Wednesday, May 9, 2012

Gerd Lüdemann versus William Lane Craig

The brilliant Gerd Lüdemann debates the resurrection of Jesus with William Lane Craig at the California Polytechnic State University, San Luis Obispo in 2002.

Lüdemann is the author of The Resurrection of Jesus: History, Experience, Theology (London, 1994), and debunks the Christian doctrine of the resurrection of Jesus.

Some points:

(1) Craig’s first “fact” is that Joseph of Arimathea buried Jesus in a tomb. This is not a “fact” at all: it is merely assertion in the gospel of Mark, and there is no necessary reason why it must be true. The Christians might have invented this to give Jesus an “honourable,” rather than a shameful, burial. Furthermore, Craig commits a gross non sequitur: even if it were true that Joseph of Arimathea buried Jesus in a tomb, it simply does not follow that the location of the tomb was known by his disciples. One astonishing datum is that there was no known veneration of Jesus’s tomb in early Christianity: it is most probable that they had no idea where he was buried.

There is good reason to think that the gospel of Mark (the earliest gospel) is already filled with legends and fictions, and that the empty tomb story is one fiction of Mark (Collins 1989; Collins 1993; Lüdemann 1994).

Despite Craig, even Jesus’s alleged rising on the third day in 1 Corinthians 15:3–6 is said to be in accordance with the scriptures, not with any eyewitness accounts, which suggests that the belief that Jesus rose on the third day could have come from nothing more than exegesis of an Old Testament passage in Hosea 6.2 (as Gerd Lüdemann 1994: 47 argues).

(2) Craig’s attempt to claim that Matthew and John are independent attestations of the empty tomb story is unconvincing. They are no such thing, but secondary and redactional stories from Mark. Nor does Paul in 1 Corinthians 15:3–6 require an empty tomb story at all. There is no direct evidence for any empty tomb in Paul. There are no multiple, independent sources for the empty tomb story: it is all dependent on Mark, and there is a good case he invented it (Collins 1989).

(3) Despite Craig, the earliest tradition in Mark and taken over by Matthew is that the earliest resurrection “appearances”/hallucinations of Jesus were in Galilee, not in Jerusalem. That may well be true and suggests that the disciples fled back to Galilee after the death of Jesus. That is precisely why Mark has women go to an empty tomb in his ending, because in the tradition Mark received the disciples had fled. The stories of resurrection “appearances” at Jerusalem in Luke and John are therefore fictions. If these gospel writers could write fiction (such as the absurd fantasies one reads in the gospel of Matthew 28:1-3), then why not Mark in the empty tomb story?
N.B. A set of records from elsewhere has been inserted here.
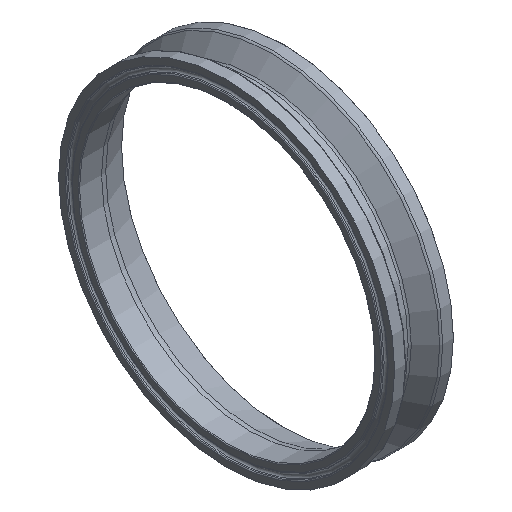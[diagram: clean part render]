
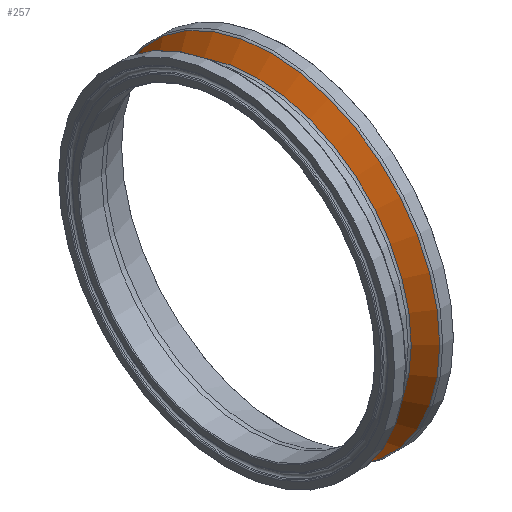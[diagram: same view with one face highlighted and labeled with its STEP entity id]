
A CAD part, isometric view. The second image highlights one B-rep face of the part: STEP entity #257.
In plain terms, the highlighted conical face has half-angle 44.875 degrees and reference radius 80.169 mm.
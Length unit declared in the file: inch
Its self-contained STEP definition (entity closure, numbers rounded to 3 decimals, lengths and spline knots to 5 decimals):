
#19=CONICAL_SURFACE('',#298,3.15625,44.875);
#40=FACE_BOUND('',#99,.T.);
#62=FACE_OUTER_BOUND('',#98,.T.);
#98=EDGE_LOOP('',(#213));
#99=EDGE_LOOP('',(#214));
#132=CIRCLE('',#297,3.29502);
#133=CIRCLE('',#299,3.01748);
#155=VERTEX_POINT('',#452);
#156=VERTEX_POINT('',#455);
#178=EDGE_CURVE('',#155,#155,#132,.T.);
#179=EDGE_CURVE('',#156,#156,#133,.T.);
#213=ORIENTED_EDGE('',*,*,#179,.F.);
#214=ORIENTED_EDGE('',*,*,#178,.F.);
#257=ADVANCED_FACE('',(#62,#40),#19,.T.);
#297=AXIS2_PLACEMENT_3D('',#453,#372,#373);
#298=AXIS2_PLACEMENT_3D('',#454,#374,#375);
#299=AXIS2_PLACEMENT_3D('',#456,#376,#377);
#372=DIRECTION('center_axis',(1.,0.,0.));
#373=DIRECTION('ref_axis',(0.,-1.,0.));
#374=DIRECTION('center_axis',(1.,0.,0.));
#375=DIRECTION('ref_axis',(0.,1.,0.));
#376=DIRECTION('center_axis',(-1.,0.,0.));
#377=DIRECTION('ref_axis',(0.,-1.,0.));
#452=CARTESIAN_POINT('',(0.87004,3.29502,0.));
#453=CARTESIAN_POINT('Origin',(0.87004,0.,
0.));
#454=CARTESIAN_POINT('Origin',(0.73067,0.,
0.));
#455=CARTESIAN_POINT('',(0.59129,3.01748,0.));
#456=CARTESIAN_POINT('Origin',(0.59129,0.,
0.));
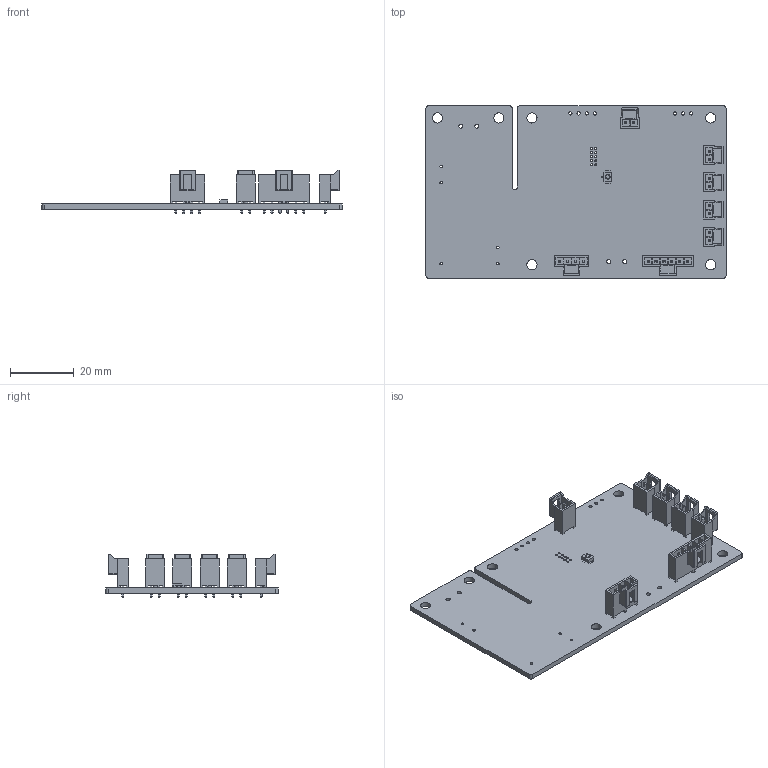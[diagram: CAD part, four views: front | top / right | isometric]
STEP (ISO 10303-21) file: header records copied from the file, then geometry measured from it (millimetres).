
FILE_DESCRIPTION(('KiCad electronic assembly'),'2;1');
FILE_NAME('reflow_master.step','2024-07-17T10:55:43',('Pcbnew'),('Kicad' ),'Open CASCADE STEP processor 7.7','KiCad to STEP converter', 'Unknown');
FILE_SCHEMA(('AUTOMOTIVE_DESIGN { 1 0 10303 214 1 1 1 1 }'));
Length unit declared in the file: millimetre
Products named in the file (10): reflow_master 1; molex_nanofit_1053091104; 1053091104; molex_nanofit_1053091102; 1053091102; TL1017AABF260QG; root; molex_nanofit_1053091106; 1053091106; reflow_master_PCB
Assembly tree (13 placements, depth 3):
  reflow_master 1
    molex_nanofit_1053091104
      1053091104
    molex_nanofit_1053091102  x5
      1053091102
    TL1017AABF260QG
      root
    molex_nanofit_1053091106
      1053091106
    reflow_master_PCB
Bounding box: 94 x 54 x 13.71 mm (x, y, z)
Volume: 9210.7 mm3; surface area: 14901.3 mm2
Topology: 9 solids, 9 shells, 1109 faces, 3012 edges, 2006 vertices
Faces by surface type: plane 830, cylinder 251, sphere 14, cone 13, torus 1
Full cylindrical faces by diameter (mm): 0.65 x10, 0.76 x3, 0.8 x2, 1 x7, 1.2 x20, 1.3 x11, 1.5 x1, 3.2 x6
Entity records: 20816 total; most frequent: CARTESIAN_POINT 3683, ORIENTED_EDGE 3476, DIRECTION 3469, EDGE_CURVE 1738, LINE 1389, VECTOR 1389, VERTEX_POINT 1118, AXIS2_PLACEMENT_3D 1040
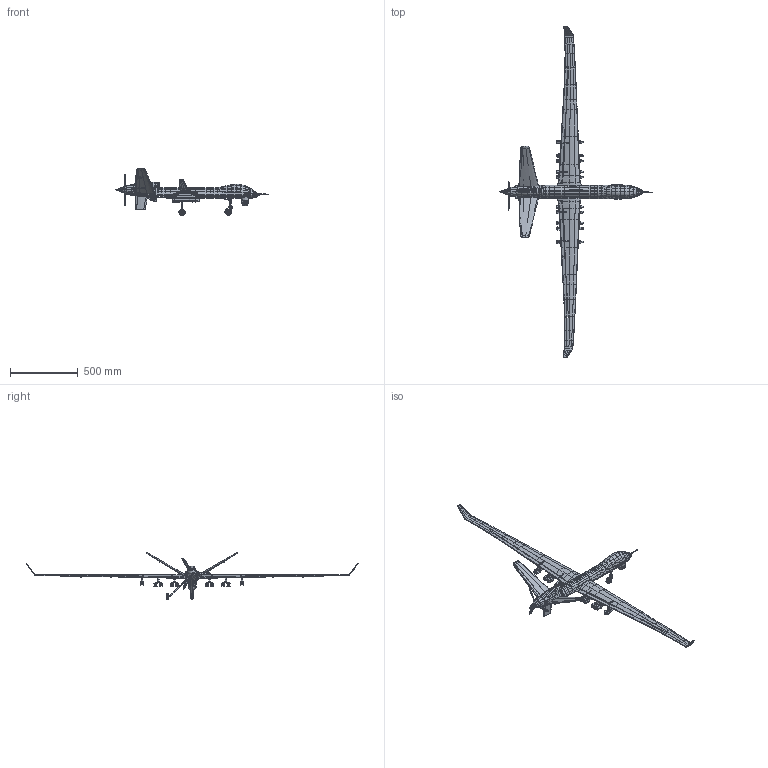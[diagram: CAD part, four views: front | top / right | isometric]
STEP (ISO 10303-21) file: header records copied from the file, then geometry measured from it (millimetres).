
FILE_DESCRIPTION(('FreeCAD Model'),'2;1');
FILE_NAME('Open CASCADE Shape Model','2025-05-03T18:59:29',('FreeCAD'),( 'FreeCAD'),'Open CASCADE STEP processor 7.6','FreeCAD','Unknown');
FILE_SCHEMA(('AUTOMOTIVE_DESIGN { 1 0 10303 214 1 1 1 1 }'));
Products named in the file (1): Open CASCADE STEP translator 7.6 1
Bounding box: 1124.26 x 2448.29 x 346.15 mm (x, y, z)
Volume: 1907230.8 mm3; surface area: 2277905.3 mm2
Topology: 112 solids, 117 shells, 7182 faces, 16273 edges, 9409 vertices
Faces by surface type: bspline 7182
Entity records: 599430 total; most frequent: CARTESIAN_POINT 497523, ORIENTED_EDGE 32460, EDGE_CURVE 16235, B_SPLINE_CURVE_WITH_KNOTS 15112, VERTEX_POINT 9409, FACE_BOUND 7431, EDGE_LOOP 7431, ADVANCED_FACE 7182
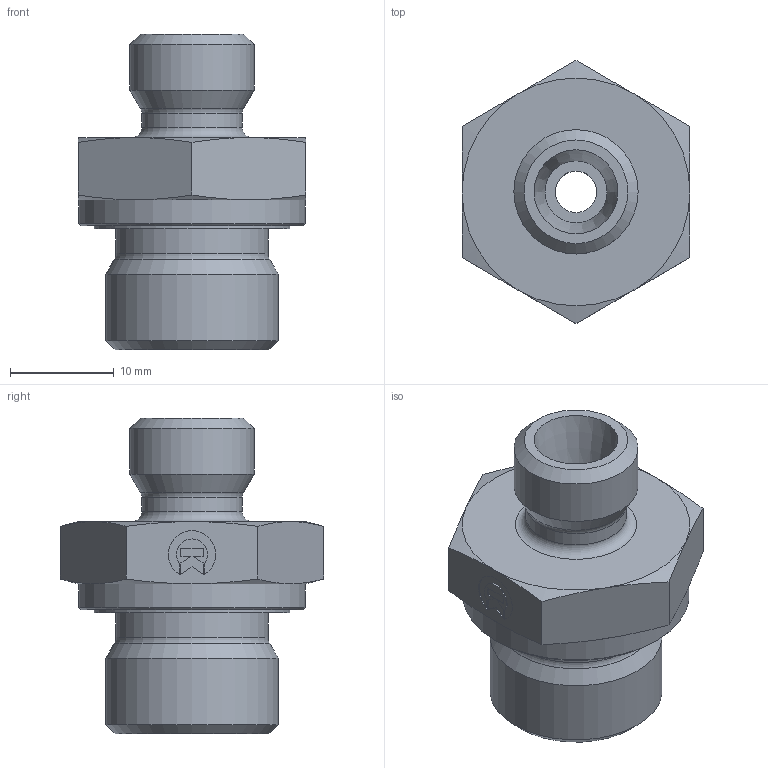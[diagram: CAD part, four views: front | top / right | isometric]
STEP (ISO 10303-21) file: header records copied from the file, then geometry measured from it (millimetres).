
FILE_DESCRIPTION((''),'2;1');
FILE_NAME('114063812.stp','2014-08-07T09:22:28',(''),('KNOMI spol. s r. o.'),'Autodesk Inventor 2012','Autodesk Inventor 2012','');
FILE_SCHEMA(('AUTOMOTIVE_DESIGN { 1 2 10303 214 0 1 1 1 }'));
Length unit declared in the file: millimetre
Products named in the file (3): PHER2 6LR3/8  G3/8/M12x1; 115 06 3812; 609170038
Assembly tree (2 placements, depth 2):
  PHER2 6LR3/8  G3/8/M12x1
    115 06 3812
    609170038
Bounding box: 22 x 25.4 x 30.5 mm (x, y, z)
Volume: 5441.3 mm3; surface area: 3536.8 mm2
Topology: 2 solids, 2 shells, 87 faces, 194 edges, 120 vertices
Faces by surface type: plane 45, cone 22, cylinder 15, torus 5
Full cylindrical faces by diameter (mm): 4 x1, 6 x1, 9 x1, 9.7 x1, 12 x1, 14.7 x2, 16.662 x1, 18.9 x1, 19 x1, 21.9 x1
Entity records: 2405 total; most frequent: CARTESIAN_POINT 424, DIRECTION 380, ORIENTED_EDGE 332, EDGE_CURVE 166, AXIS2_PLACEMENT_3D 146, EDGE_LOOP 126, VERTEX_POINT 118, STYLED_ITEM 89

(4) Craig asserts that there was no belief in a dying and rising Messiah in first century Judaism. That may well be true, but proves nothing. As Robert M. Price argues, when Sabbatai Zevi (1626–1676), a Jewish rabbi who claimed to be the Jewish Messiah in 17th century, apostatised, his movement did not collapse and there were Jewish believers in Sabbatai Zevi as the Messiah for at least two centuries following his apostasy! Even Nathan of Gaza, his leading disciple, continued to think Sabbatai was the Messiah.

Anyway, it is clear that Christianity - before it became a Gentile religion as developed by the apostle Paul - remained a minority sect within Judaism. Is that not precisely what one would expect if early Christian ideas about a crucified Messiah were peculiar and an innovation? Craig’s assertion that Jesus was under a curse because he was crucified was arguably only one view in the Judaism of the first century AD, possibly a minority one (O’Brien 2006), and in the form in which we have it in the New Testament (in Galatians 3:13) is a particular exegesis of Paul himself, probably based on that minority view, to defend his gospel of the abolition of the Mosaic law. Many patriotic Jewish people in Jesus’s time may not have thought that Jesus was the Messiah, but merely held that he had died unjustly, killed by the hated Romans.


Collins, Adela Yarbro. 1989. The Beginning of the Gospel: Probings of Mark in Context, Fortress Press, Minneapolis.

Lüdemann, G. 1994. The Resurrection of Jesus: History, Experience, Theology (trans. John Bowden), SCM Press, London.

O’Brien, K. S. 2006. “The Curse of the Law (Galatians 3.13): Crucifixion, Persecution, and Deuteronomy 21.22-23,” Journal for the Study of the New Testament 29: 55-76.